--- The task ---
The answer should hold every line of the listing, unchanged and free of images.

__________________________________________________

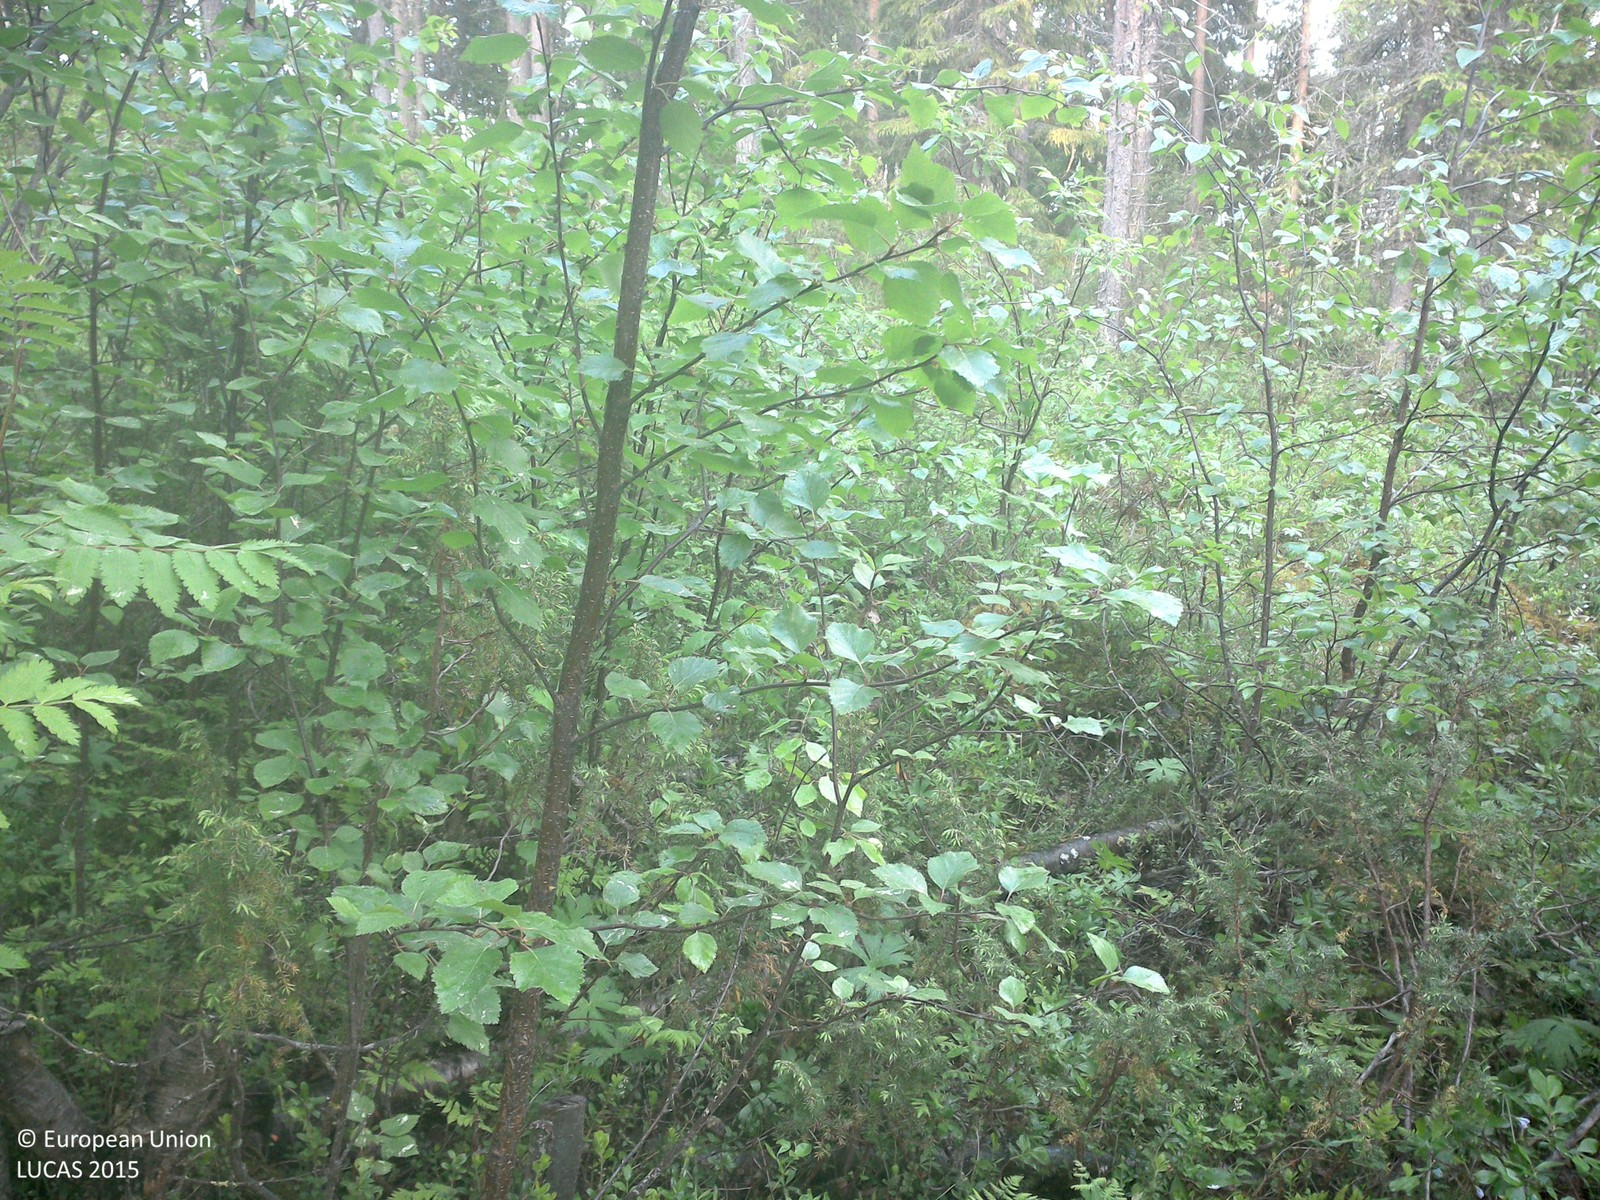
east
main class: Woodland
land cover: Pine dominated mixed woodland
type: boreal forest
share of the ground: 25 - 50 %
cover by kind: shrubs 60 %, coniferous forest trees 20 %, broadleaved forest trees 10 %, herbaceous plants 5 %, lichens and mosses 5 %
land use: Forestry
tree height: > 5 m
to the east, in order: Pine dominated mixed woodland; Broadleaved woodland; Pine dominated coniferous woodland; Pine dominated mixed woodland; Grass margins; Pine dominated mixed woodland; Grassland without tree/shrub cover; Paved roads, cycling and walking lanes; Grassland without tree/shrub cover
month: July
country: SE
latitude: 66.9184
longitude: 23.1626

__________________________________________________

--- Finished exercise ---
east
main class: Woodland
land cover: Pine dominated mixed woodland
type: boreal forest
share of the ground: 25 - 50 %
cover by kind: shrubs 60 %, coniferous forest trees 20 %, broadleaved forest trees 10 %, herbaceous plants 5 %, lichens and mosses 5 %
land use: Forestry
tree height: > 5 m
to the east, in order: Pine dominated mixed woodland; Broadleaved woodland; Pine dominated coniferous woodland; Pine dominated mixed woodland; Grass margins; Pine dominated mixed woodland; Grassland without tree/shrub cover; Paved roads, cycling and walking lanes; Grassland without tree/shrub cover
month: July
country: SE
latitude: 66.9184
longitude: 23.1626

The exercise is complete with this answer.